EXERCISE DIRECTIONS: Your answer should be the lines below from the one holding "Q: Width (condensed, normal, or" through the one holding "Q: Monospaced? A: No.", copied exactly and with nothing else.

== EXERCISE INPUT ==

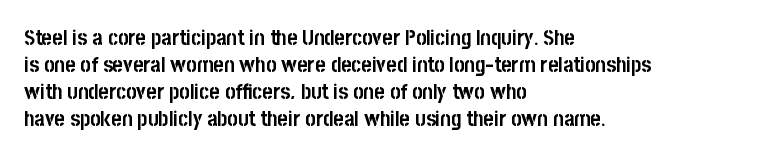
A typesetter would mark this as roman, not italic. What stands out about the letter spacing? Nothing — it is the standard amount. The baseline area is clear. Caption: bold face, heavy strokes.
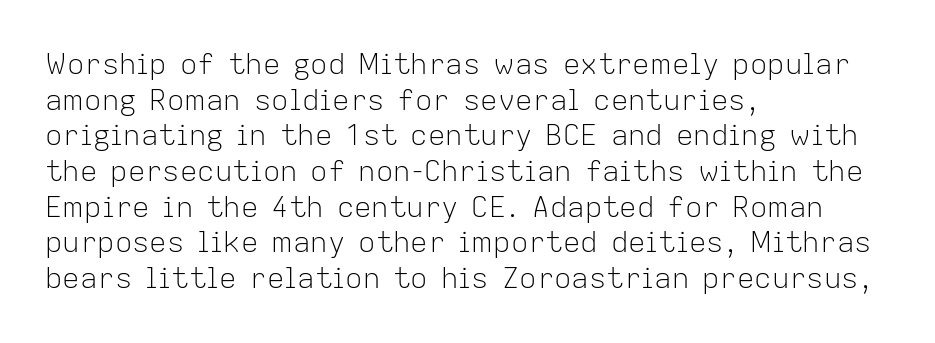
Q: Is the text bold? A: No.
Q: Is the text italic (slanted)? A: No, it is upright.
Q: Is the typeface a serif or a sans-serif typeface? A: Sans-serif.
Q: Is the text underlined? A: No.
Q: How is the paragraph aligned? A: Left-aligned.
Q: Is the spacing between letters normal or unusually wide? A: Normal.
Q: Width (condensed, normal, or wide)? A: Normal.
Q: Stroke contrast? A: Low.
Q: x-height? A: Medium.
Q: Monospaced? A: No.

===
== EXERCISE INPUT ==

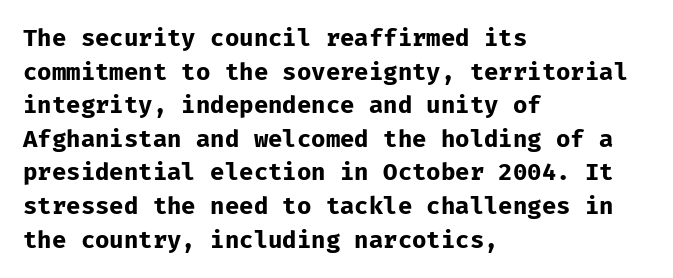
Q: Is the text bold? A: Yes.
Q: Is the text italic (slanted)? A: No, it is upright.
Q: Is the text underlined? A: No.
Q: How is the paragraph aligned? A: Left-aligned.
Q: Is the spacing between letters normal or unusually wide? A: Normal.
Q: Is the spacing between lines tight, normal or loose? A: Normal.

===

TASK ANSWER:
Q: Width (condensed, normal, or wide)? A: Normal.
Q: Stroke contrast? A: Low.
Q: x-height? A: Medium.
Q: Monospaced? A: No.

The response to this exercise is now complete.